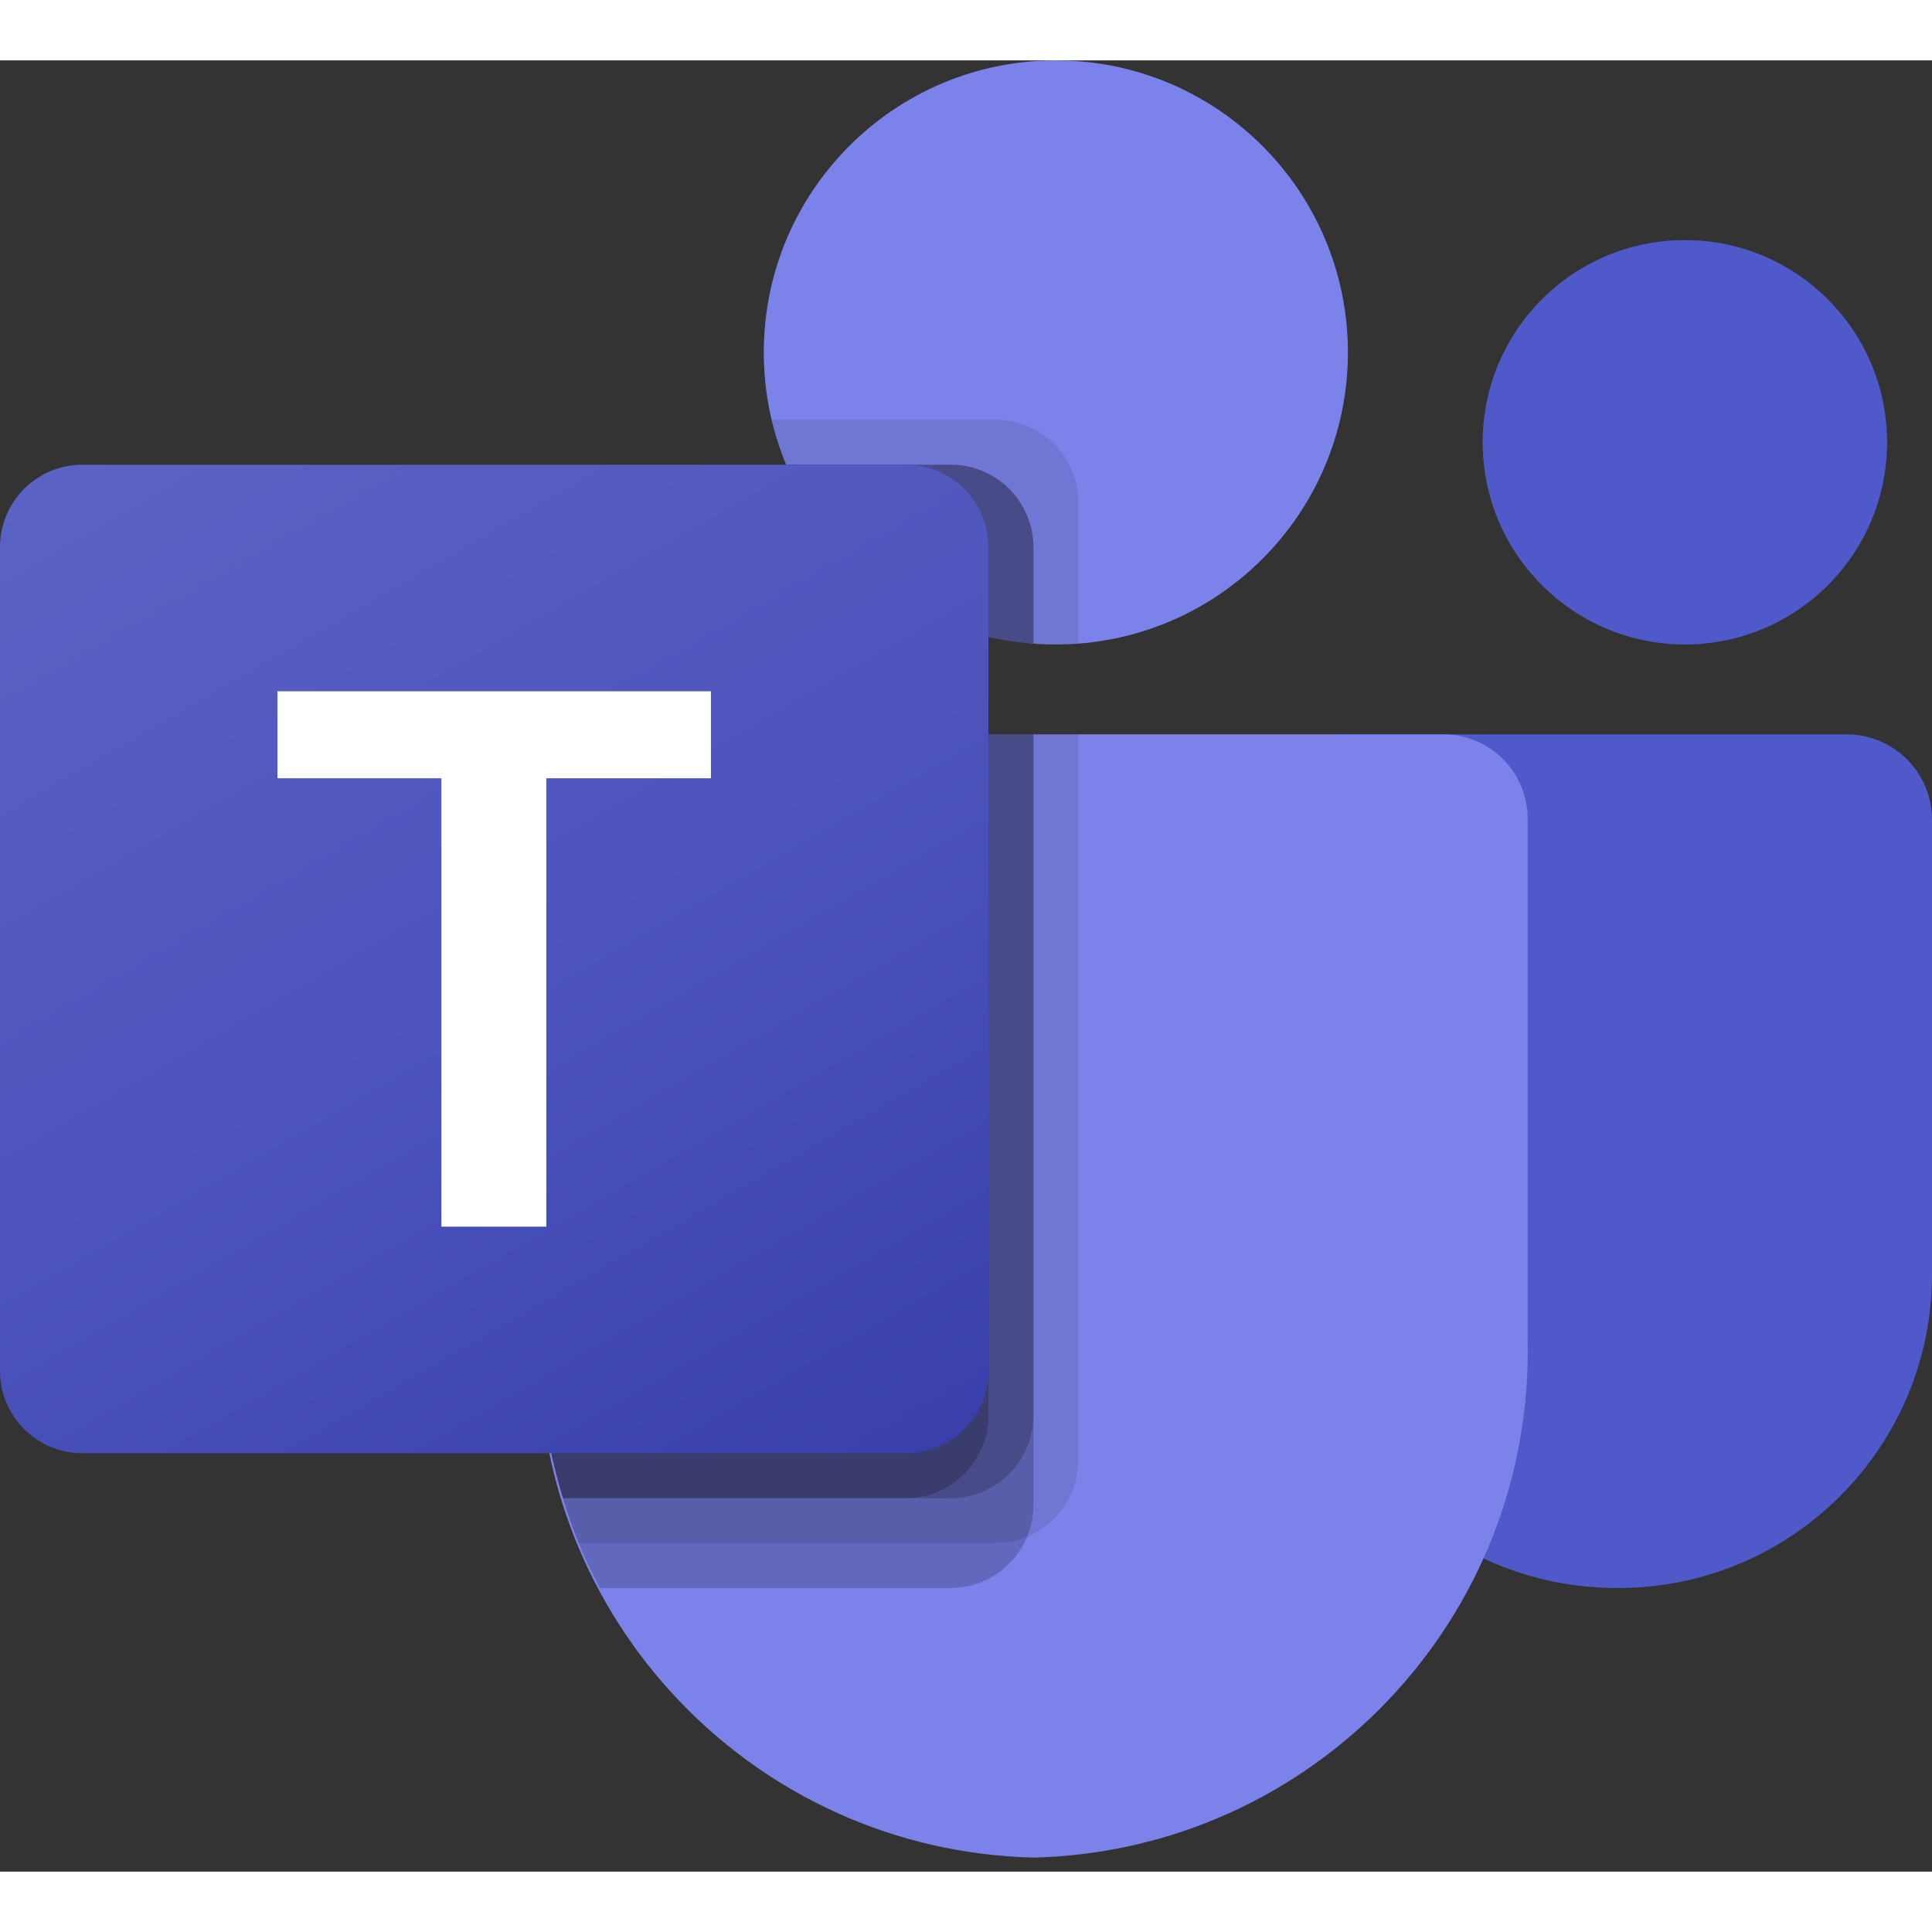 <?xml version="1.0" encoding="utf-8"?>
<svg xmlns="http://www.w3.org/2000/svg" fill="none" height="64" viewBox="0 0 64 60" width="64">
<rect x="0" y="0" width="64" height="60" fill="#333333" stroke="none"/>
<g clip-path="url(#clip0_5_2711)">
<path d="M44.641 22.326H61.172C62.734 22.326 64 23.592 64 25.154V40.211C64 45.951 59.347 50.605 53.606 50.605H53.557C47.817 50.605 43.163 45.953 43.163 40.213C43.163 40.212 43.163 40.212 43.163 40.211V23.803C43.163 22.987 43.824 22.326 44.641 22.326Z" fill="#5059C9"/>
<path d="M55.814 19.349C59.513 19.349 62.512 16.35 62.512 12.651C62.512 8.952 59.513 5.953 55.814 5.953C52.115 5.953 49.116 8.952 49.116 12.651C49.116 16.35 52.115 19.349 55.814 19.349Z" fill="#5059C9"/>
<path d="M34.977 19.349C40.32 19.349 44.651 15.018 44.651 9.674C44.651 4.331 40.32 0 34.977 0C29.634 0 25.302 4.331 25.302 9.674C25.302 15.018 29.634 19.349 34.977 19.349Z" fill="#7B83EB"/>
<path d="M47.877 22.326H20.589C19.046 22.364 17.825 23.645 17.861 25.188V42.362C17.645 51.623 24.972 59.308 34.233 59.535C43.493 59.308 50.82 51.623 50.605 42.362V25.188C50.641 23.645 49.42 22.364 47.877 22.326Z" fill="#7B83EB"/>
<path d="M35.721 22.326V46.392C35.714 47.496 35.045 48.488 34.024 48.908C33.699 49.045 33.35 49.116 32.997 49.116H19.17C18.977 48.625 18.798 48.134 18.649 47.628C18.128 45.92 17.863 44.145 17.861 42.359V25.183C17.825 23.642 19.044 22.364 20.584 22.326H35.721Z" fill="black" opacity="0.1"/>
<path d="M34.233 22.326V47.881C34.233 48.234 34.162 48.583 34.025 48.908C33.604 49.928 32.613 50.597 31.509 50.605H19.87C19.617 50.114 19.379 49.622 19.17 49.116C18.962 48.61 18.798 48.134 18.649 47.628C18.128 45.92 17.863 44.145 17.861 42.359V25.183C17.825 23.642 19.044 22.364 20.584 22.326H34.233Z" fill="black" opacity="0.2"/>
<path d="M34.233 22.326V44.904C34.221 46.404 33.009 47.617 31.509 47.628H18.649C18.128 45.92 17.863 44.145 17.861 42.359V25.183C17.825 23.642 19.044 22.364 20.584 22.326H34.233Z" fill="black" opacity="0.2"/>
<path d="M32.744 22.326V44.904C32.733 46.404 31.52 47.617 30.021 47.628H18.649C18.128 45.92 17.863 44.145 17.861 42.359V25.183C17.825 23.642 19.044 22.364 20.584 22.326H32.744Z" fill="black" opacity="0.2"/>
<path d="M35.721 14.631V19.319C35.468 19.334 35.23 19.349 34.977 19.349C34.724 19.349 34.486 19.334 34.233 19.319C33.73 19.286 33.232 19.206 32.744 19.081C29.73 18.367 27.24 16.253 26.047 13.395C25.841 12.915 25.682 12.417 25.57 11.907H32.997C34.499 11.913 35.715 13.129 35.721 14.631Z" fill="black" opacity="0.1"/>
<path d="M34.233 16.119V19.319C33.73 19.286 33.232 19.206 32.744 19.081C29.73 18.367 27.24 16.253 26.046 13.395H31.509C33.011 13.401 34.227 14.617 34.233 16.119Z" fill="black" opacity="0.2"/>
<path d="M34.233 16.119V19.319C33.73 19.286 33.232 19.206 32.744 19.081C29.73 18.367 27.24 16.253 26.046 13.395H31.509C33.011 13.401 34.227 14.617 34.233 16.119Z" fill="black" opacity="0.2"/>
<path d="M32.744 16.119V19.081C29.73 18.367 27.24 16.253 26.046 13.395H30.02C31.522 13.401 32.738 14.617 32.744 16.119Z" fill="black" opacity="0.2"/>
<path d="M2.728 13.395H30.016C31.523 13.395 32.744 14.617 32.744 16.124V43.411C32.744 44.918 31.523 46.139 30.016 46.139H2.728C1.221 46.139 0 44.918 0 43.411V16.124C0 14.617 1.221 13.395 2.728 13.395Z" fill="url(#paint0_linear_5_2711)"/>
<path d="M23.552 23.781H18.097V38.635H14.622V23.781H9.192V20.9H23.552V23.781Z" fill="white"/>
</g>
<defs>
<linearGradient gradientUnits="userSpaceOnUse" id="paint0_linear_5_2711" x1="5.688" x2="27.056" y1="11.264" y2="48.271">
<stop stop-color="#5A62C3"/>
<stop offset="0.5" stop-color="#4D55BD"/>
<stop offset="1" stop-color="#3940AB"/>
</linearGradient>
<clipPath id="clip0_5_2711">
<rect fill="white" height="59.535" width="64"/>
</clipPath>
</defs>
</svg>

WHAT THE TASK REQUIRES:
The answer should contain only the lines from the beginning of the material above through the line with "22.326V46.392C35.714 47.496 35.045", retyped exactly, with the pictures removed.

SOLUTION TO THIS TASK:
 <?xml version="1.0" encoding="utf-8"?>
<svg xmlns="http://www.w3.org/2000/svg" fill="none" height="64" viewBox="0 0 64 60" width="64">
<rect x="0" y="0" width="64" height="60" fill="#333333" stroke="none"/>
<g clip-path="url(#clip0_5_2711)">
<path d="M44.641 22.326H61.172C62.734 22.326 64 23.592 64 25.154V40.211C64 45.951 59.347 50.605 53.606 50.605H53.557C47.817 50.605 43.163 45.953 43.163 40.213C43.163 40.212 43.163 40.212 43.163 40.211V23.803C43.163 22.987 43.824 22.326 44.641 22.326Z" fill="#5059C9"/>
<path d="M55.814 19.349C59.513 19.349 62.512 16.35 62.512 12.651C62.512 8.952 59.513 5.953 55.814 5.953C52.115 5.953 49.116 8.952 49.116 12.651C49.116 16.35 52.115 19.349 55.814 19.349Z" fill="#5059C9"/>
<path d="M34.977 19.349C40.32 19.349 44.651 15.018 44.651 9.674C44.651 4.331 40.32 0 34.977 0C29.634 0 25.302 4.331 25.302 9.674C25.302 15.018 29.634 19.349 34.977 19.349Z" fill="#7B83EB"/>
<path d="M47.877 22.326H20.589C19.046 22.364 17.825 23.645 17.861 25.188V42.362C17.645 51.623 24.972 59.308 34.233 59.535C43.493 59.308 50.82 51.623 50.605 42.362V25.188C50.641 23.645 49.42 22.364 47.877 22.326Z" fill="#7B83EB"/>
<path d="M35.721 22.326V46.392C35.714 47.496 35.045 48.488 34.024 48.908C33.699 49.045 33.35 49.116 32.997 49.116H19.17C18.977 48.625 18.798 48.134 18.649 47.628C18.128 45.92 17.863 44.145 17.861 42.359V25.183C17.825 23.642 19.044 22.364 20.584 22.326H35.721Z" fill="black" opacity="0.1"/>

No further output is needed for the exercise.